**Work to complete:** Print the lines that run from the line with "for having removed" to the line with "was personally knowing", keeping both end lines, exactly as they appear in the entries below, and nothing else.

**Supplied entries:**
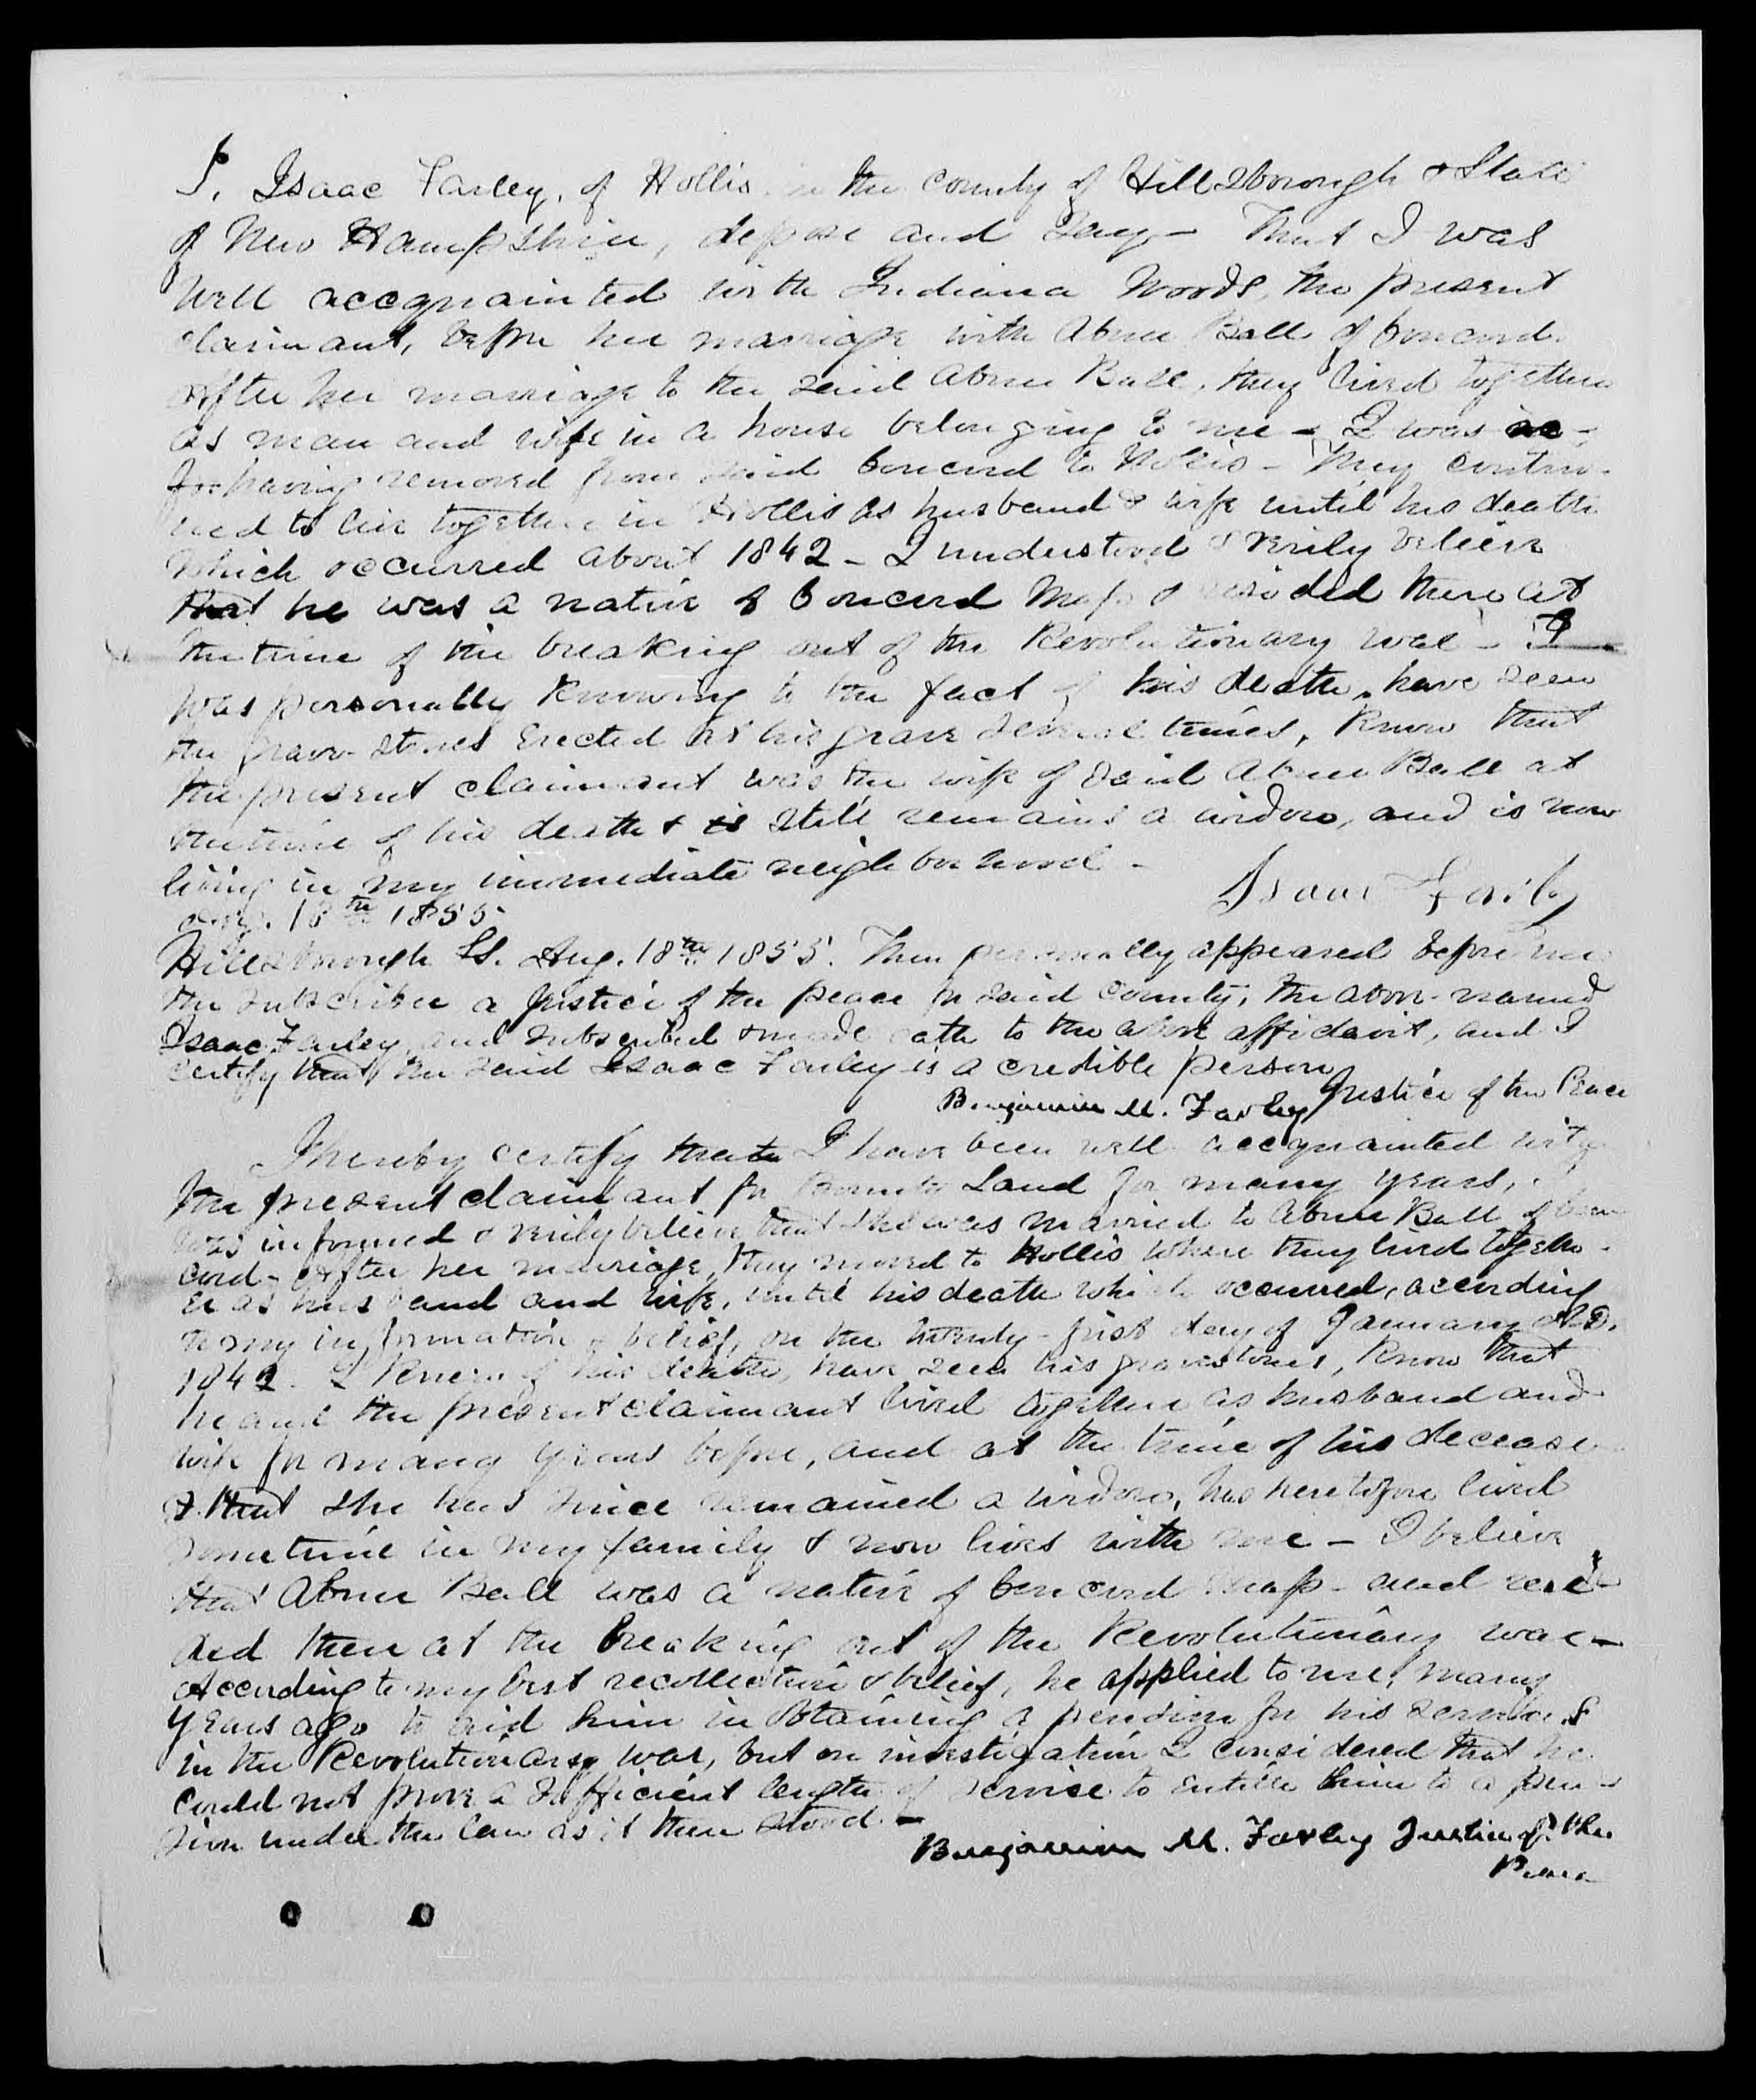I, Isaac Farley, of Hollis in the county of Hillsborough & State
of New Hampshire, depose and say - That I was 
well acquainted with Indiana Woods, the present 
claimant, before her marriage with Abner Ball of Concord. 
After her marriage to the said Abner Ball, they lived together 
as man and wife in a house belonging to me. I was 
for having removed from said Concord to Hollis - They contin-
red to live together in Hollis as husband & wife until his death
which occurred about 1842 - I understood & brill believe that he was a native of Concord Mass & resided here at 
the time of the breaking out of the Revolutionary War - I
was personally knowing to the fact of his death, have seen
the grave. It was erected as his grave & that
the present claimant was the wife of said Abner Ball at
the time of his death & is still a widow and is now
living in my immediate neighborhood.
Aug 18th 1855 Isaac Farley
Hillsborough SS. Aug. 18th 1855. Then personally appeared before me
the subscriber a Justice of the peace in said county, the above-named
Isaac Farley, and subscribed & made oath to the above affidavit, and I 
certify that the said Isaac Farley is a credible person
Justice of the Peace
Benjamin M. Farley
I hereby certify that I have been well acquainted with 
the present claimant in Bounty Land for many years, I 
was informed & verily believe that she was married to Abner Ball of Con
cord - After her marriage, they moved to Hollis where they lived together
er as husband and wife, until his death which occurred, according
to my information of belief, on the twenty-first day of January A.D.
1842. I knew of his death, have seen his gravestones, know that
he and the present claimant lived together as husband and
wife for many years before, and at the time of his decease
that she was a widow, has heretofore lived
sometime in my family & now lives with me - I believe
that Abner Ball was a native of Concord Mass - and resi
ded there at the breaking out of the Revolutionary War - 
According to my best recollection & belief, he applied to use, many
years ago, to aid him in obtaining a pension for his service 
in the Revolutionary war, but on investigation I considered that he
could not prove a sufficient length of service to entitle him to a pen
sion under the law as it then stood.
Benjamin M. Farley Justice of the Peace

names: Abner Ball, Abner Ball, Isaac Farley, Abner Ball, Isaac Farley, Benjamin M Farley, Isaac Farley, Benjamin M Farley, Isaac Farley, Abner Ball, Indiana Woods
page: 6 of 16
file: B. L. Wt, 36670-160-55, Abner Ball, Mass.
---
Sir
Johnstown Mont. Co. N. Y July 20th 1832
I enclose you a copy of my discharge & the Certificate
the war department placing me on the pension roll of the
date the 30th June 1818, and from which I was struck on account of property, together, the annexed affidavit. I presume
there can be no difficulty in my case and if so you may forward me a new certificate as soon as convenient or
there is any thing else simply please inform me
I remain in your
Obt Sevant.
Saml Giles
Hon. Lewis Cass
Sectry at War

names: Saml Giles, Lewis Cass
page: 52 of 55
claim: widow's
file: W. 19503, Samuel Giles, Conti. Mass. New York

**Finished exercise:**
for having removed from said Concord to Hollis - They contin-
red to live together in Hollis as husband & wife until his death
which occurred about 1842 - I understood & brill believe that he was a native of Concord Mass & resided here at 
the time of the breaking out of the Revolutionary War - I
was personally knowing to the fact of his death, have seen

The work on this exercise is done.